For example, the Feres doctrine barred a Navy servicewoman from a personal injury recovery after her boat was hit by a Navy serviceman operating another vessel. The vessels were rented for recreational purposes from a Navy-run recreational center. See Bon v. United States, 802 F.3d 1092 (9th Cir. 1986). Nine years later in the Second Circuit, the Feres doctrine did not bar a Navy serviceman's recovery after he was injured ashore in a motor vehicle accident with another Navy seaman. The pivotal issue was that both men were “on liberty” from their ships in Guam at the time of the collision. Taber v. Maine, 67 F.3d 1029 (2d Cir. 1995). However, in Osik v. United States, 1999 U.S. App. LEXIS 28461 (2d Cir. 1999), a Navy sailor was off duty and running a personal errand on a military base when he was struck by a Commander's vehicle, resulting in injury.
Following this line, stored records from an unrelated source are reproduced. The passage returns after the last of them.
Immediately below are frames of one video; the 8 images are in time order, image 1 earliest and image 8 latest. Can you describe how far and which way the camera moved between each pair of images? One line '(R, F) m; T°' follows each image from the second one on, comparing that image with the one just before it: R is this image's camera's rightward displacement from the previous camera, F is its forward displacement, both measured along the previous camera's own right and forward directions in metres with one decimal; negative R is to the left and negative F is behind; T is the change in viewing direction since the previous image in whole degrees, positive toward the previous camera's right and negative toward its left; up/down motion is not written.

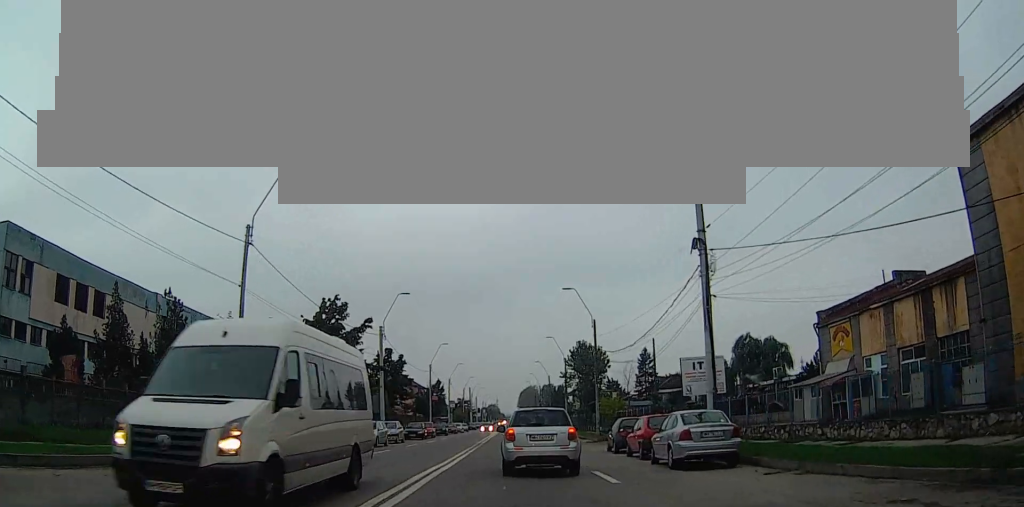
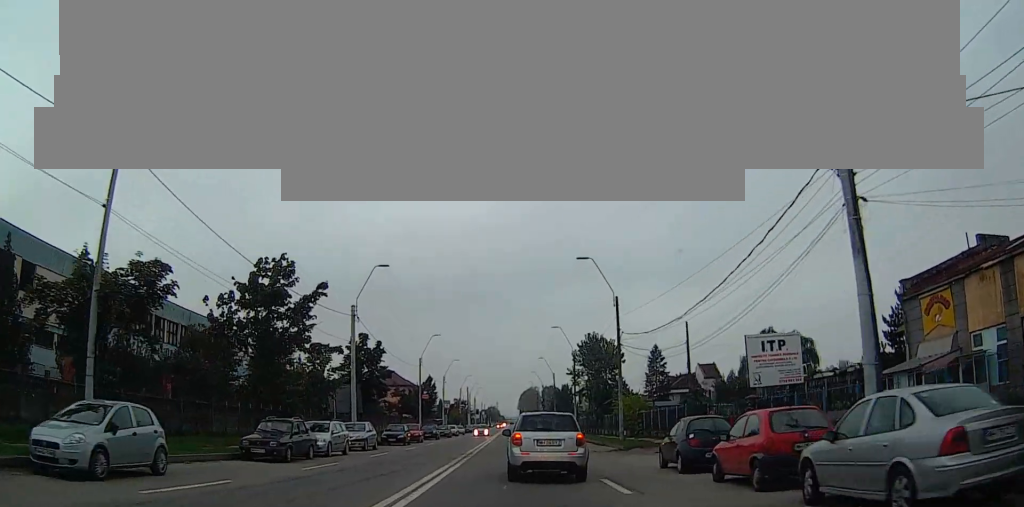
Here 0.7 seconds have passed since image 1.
(-0.1, +9.9) m; +4°
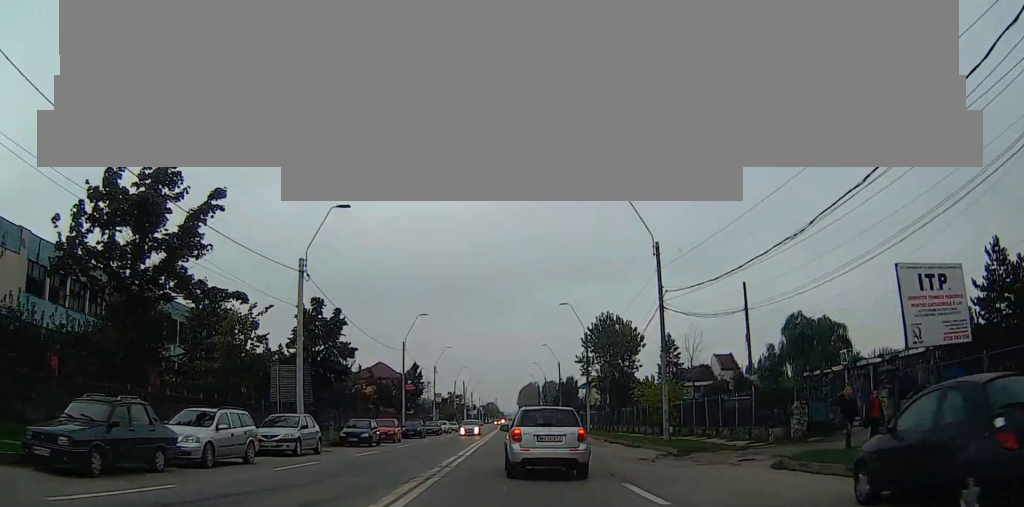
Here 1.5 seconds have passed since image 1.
(+0.9, +11.1) m; 0°
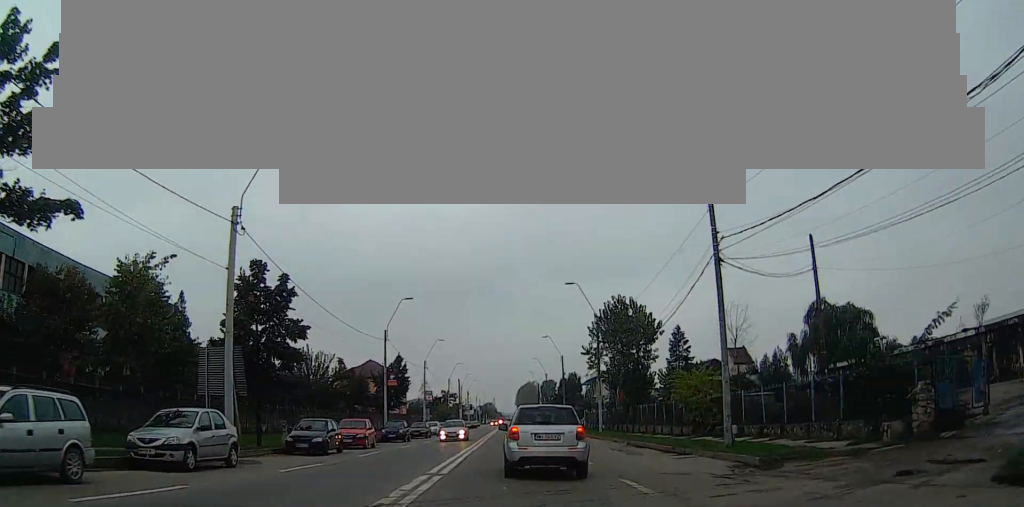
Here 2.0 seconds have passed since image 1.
(+0.1, +8.3) m; -2°
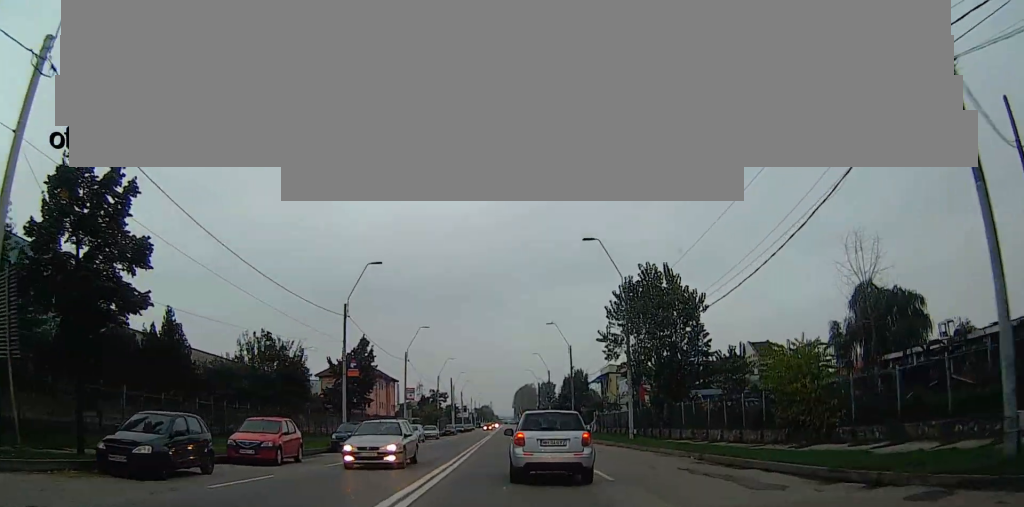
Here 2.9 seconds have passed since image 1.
(-1.0, +13.3) m; -3°
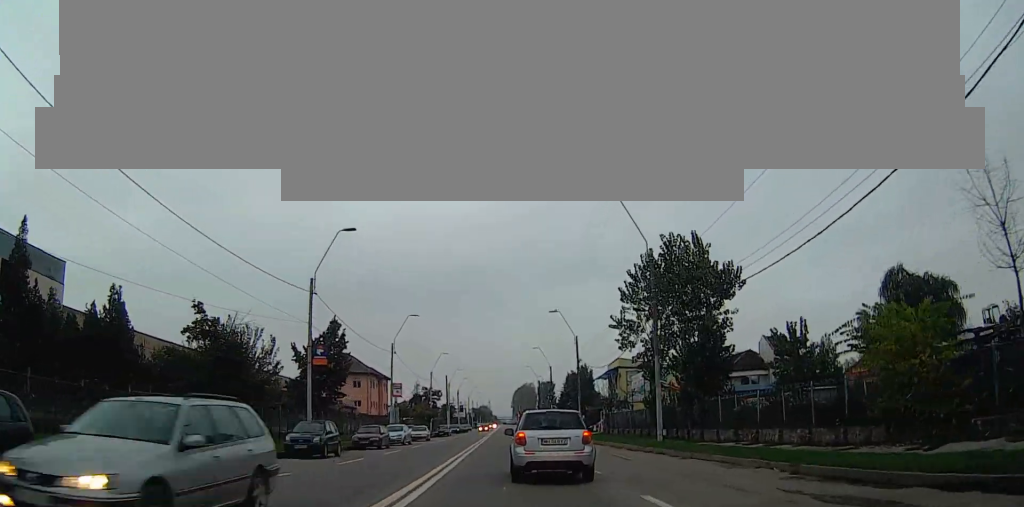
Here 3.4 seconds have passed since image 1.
(-0.1, +7.5) m; +3°
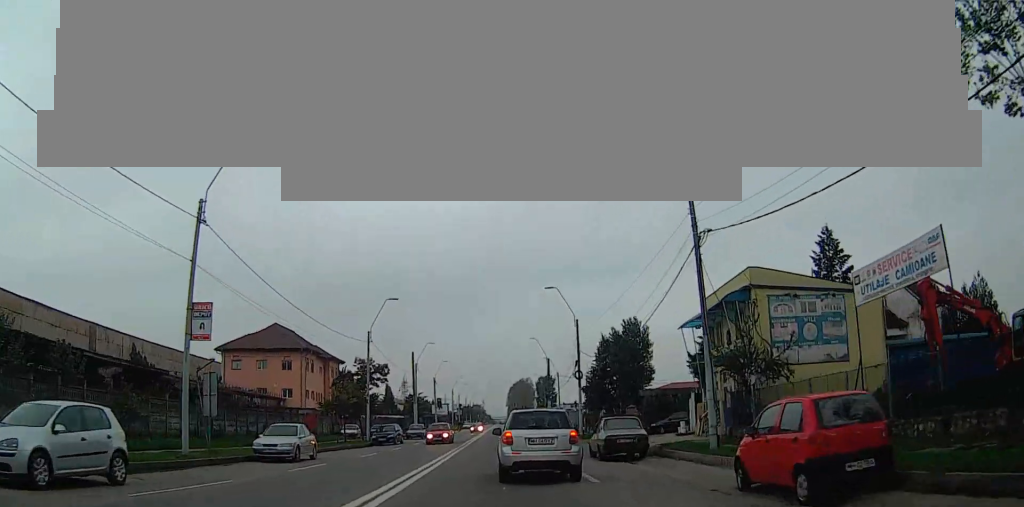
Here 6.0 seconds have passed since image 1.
(+0.5, +38.5) m; -4°
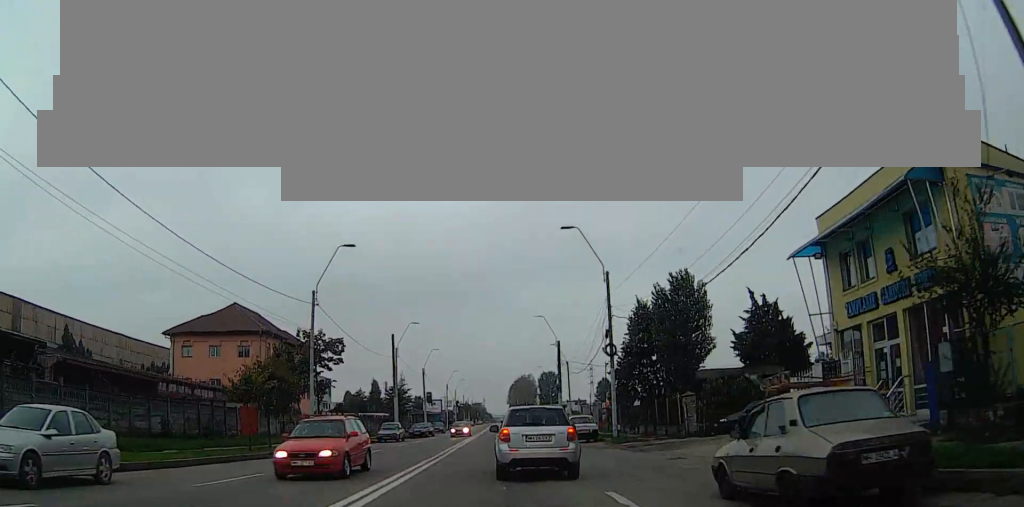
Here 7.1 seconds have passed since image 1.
(+0.1, +17.2) m; +1°

The Second Circuit held that the sailor's claim was barred by the Feres doctrine. The court explained: “[T]he accident need not occur while the military member is on duty. Because Osik received his injuries on base, the allegedly negligent party was an on-duty officer, Osik received care from military medical facilities, and the accident was reviewed by military personnel … . Feres mandated dismissal of Osik's claims.” Id. at *4.
|Navy Standards Differ
The U.S. Navy is highly regarded for its attention to readiness. It may be surprising, but U.S. Navy officers are not subjected to the same mariner licensing requirements as are professional civilian mariners. Professional mariners are issued licenses by the U.S. Coast Guard as engineers or navigation officers. One of the most important aspects of a mariner's licensing is testing and knowledge of the international “Rules of the Road,” also known as the Collision Regulations (COLREGS). The Navy is not regulated by the U.S. Coast Guard and thus naval officers operate the U.S. warships without obtaining a professional mariner license.
All ships are required to obey the Navigation Rules. In its report on the USS FITZGERALD casualty, the Navy concluded that in the 30 minutes leading up to the collision, neither the FITZGERALD nor the CRYSTAL took action to reduce the risk of collision until approximately one minute prior to impact. Department of the Navy Memorandum for Distribution, p. 5, Events Leading to the Collision. The failure to take action to avoid collision violates Rule 8 the Navigation Rules. After the collision, the sailors on watch were tested on the Navigation Rules and failed to exhibit sufficient knowledge. In a steaming report, the Navy determined that the collision was also due, in part, to the Navy's “failure to plan for safety; failure to adhere to sound navigation practice; failure to execute basic watch standing practices; failure to properly use available navigation tools; and failure to respond deliberately and effectively when in extremis.” Id.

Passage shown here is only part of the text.